In Britain, the Communist Party was pushed to tail-end the decisions of the TUC leaders, which contributed to the failure of the 1926 General strike.

In 1929, the Comintern adopted the ultra-left sectarian theory of ‘social fascism’, which argued that the Social Democrats and reformists were the ‘twin’ of the fascists, and therefore it was impermissible to form a tactical alliance with them. This divided and incapacitated the working-class movement, and allowed the fascists to sweep into power in Germany.

By 1933, when the disastrous result of this policy came to bear, instead of drawing a balance sheet, the Stalinists carried out an about-face. Now, they called for popular fronts with the same (supposedly ‘progressive’) capitalists who were responsible for the rise of fascism in the first place.

It was Stalin and his followers in the CPGB that disrupted the working-class movement and helped Hitler to come to power through their failures in the preceding period. The Molotov-Ribbentrop pact merely sealed the deal. And yet they accuse Trotskyists of being agents of fascism!

The whole previous period showed that the policy of Stalin was one of self-preservation, of preventing revolution. As Trotsky explained:

“The German-Soviet Pact is a capitulation of Stalin before fascist imperialism with the end of preserving the Soviet oligarchy.” (Trotsky, Statement to Press on Soviet-German Alliance, 1939)

Peaceful coexistence between classes?

The Comintern and the CPGB had tremendous political authority as a result of the October Revolution and the undeniable gains of the Soviet planned economy. Yet Dutt squandered this authority to miseducate and misdirect the workers.

Dutt’s main argument was that the working class should bring down the British government, only to replace it with a new one that can work with the Soviet Union to draw up a peace plan with Hitler.

The British working class, however, rightly saw in Hitler’s fascism a direct threat to their interests. They wanted to fight Nazism.

Stalin’s pact, and its justification by Dutt, sowed illusions in Hitler as a reasonable statesman, and obscured the definite class standpoint he represented.

Fascism is the most extreme, reactionary version of capitalism. Its role is to smash the working class and its organisations. Calls for peace in the abstract were thus reactionary and paved the way for further class collaboration.

Anne Warde, Bill Davy, Sastry, John Lawrence, Heaton Lee, Ted Grant (left to right) outside the Neath HQ, 1945 / Image: Ted Grant Internet Archive (colourised)Comrades of the WIL later the RCP advocated for an independent working class programme to fight fascism. Image: Ted Grant Internet Archive (colourised)

The alternative was the ‘proletarian military policy’ proposed by Trotsky and developed by Ted Grant.

Its starting point was recognising this healthy desire to fight fascism amongst the working class, and making it clear that the only way to smash fascism is through a revolutionary programme, exposing the capitalists and their appeals for national unity.

As Dutt explains though, the goal of the Comintern wasn’t revolution.

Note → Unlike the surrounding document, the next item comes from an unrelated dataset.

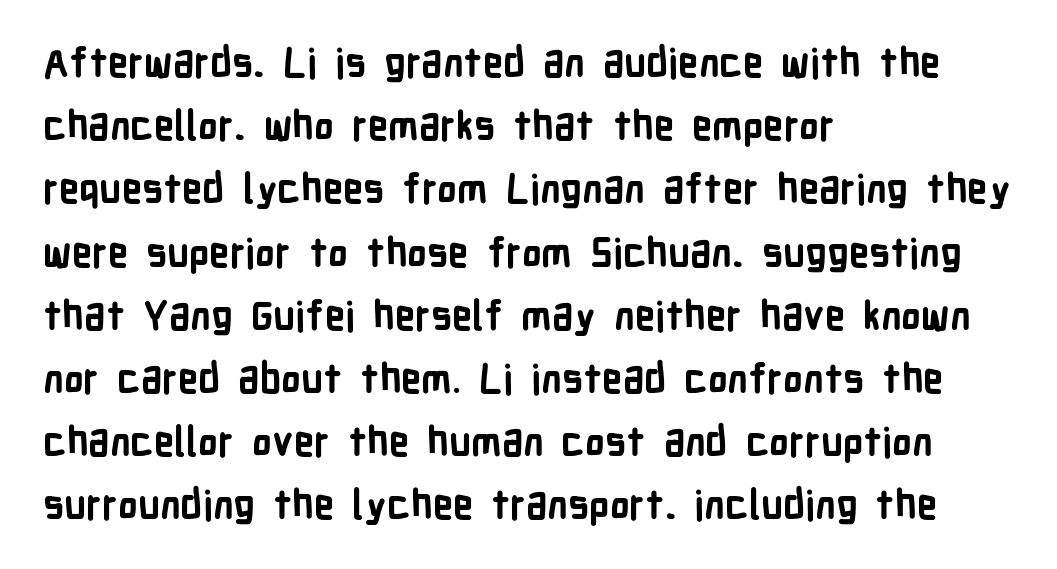
The image shows 40 px bold, condensed sans-serif type, upright; set left-aligned, normal line spacing (1.58x), normal letter spacing, not underlined; low stroke contrast and a medium x-height.

It was to replace one set of capitalist crooks with another – one that was more friendly to the Soviet Union.

“Once is tragedy…”

The Molotov-Ribbentrop Pact was yet another striking indication of how deeply the Comintern had degenerated. Substituting proletarian internationalism for diplomatic horse-trading was the embodiment of Stalin’s policy. This method directly led to the Comintern’s downfall: in 1943 Stalin unceremoniously disbanded it to win the support of Churchill and Roosevelt.

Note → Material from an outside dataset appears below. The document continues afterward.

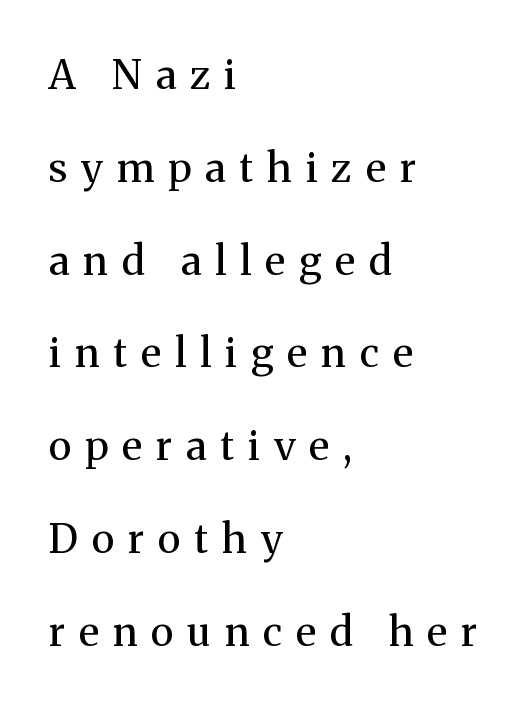
{"serif": "yes", "italic": "no", "bold": "no", "weight": "regular", "width": "normal", "stroke_contrast": "medium", "x_height": "medium", "monospaced": "no", "underline": "no", "align": "left", "line_spacing": "loose", "line_spacing_ratio": 2.32, "letter_spacing": "wide", "letter_spacing_em": 0.35, "glyph_px": 40}

The dissolution was signed by the CPGB and welcomed as a necessary and logical step in the fight against fascism. At this stage the CPGB also allied themselves with the same British capitalists it denounced just yesterday.

These actions were nothing less than a complete betrayal of the working class.

Over 80 years later and the CPB (a splinter group from the CPGB which considers itself the CPGB’s successor) still hasn’t learned any of the lessons of this period. As recently as 2021, the CPB’s youth wing, the Young Communist League, republished a defence of the pact.

The role of building up the revolutionary forces during World War Two fell to Ted Grant and the Worker’s International League, and then the Revolutionary Communist Party.

In the RCP today, we continue this legacy of genuine, revolutionary, communism.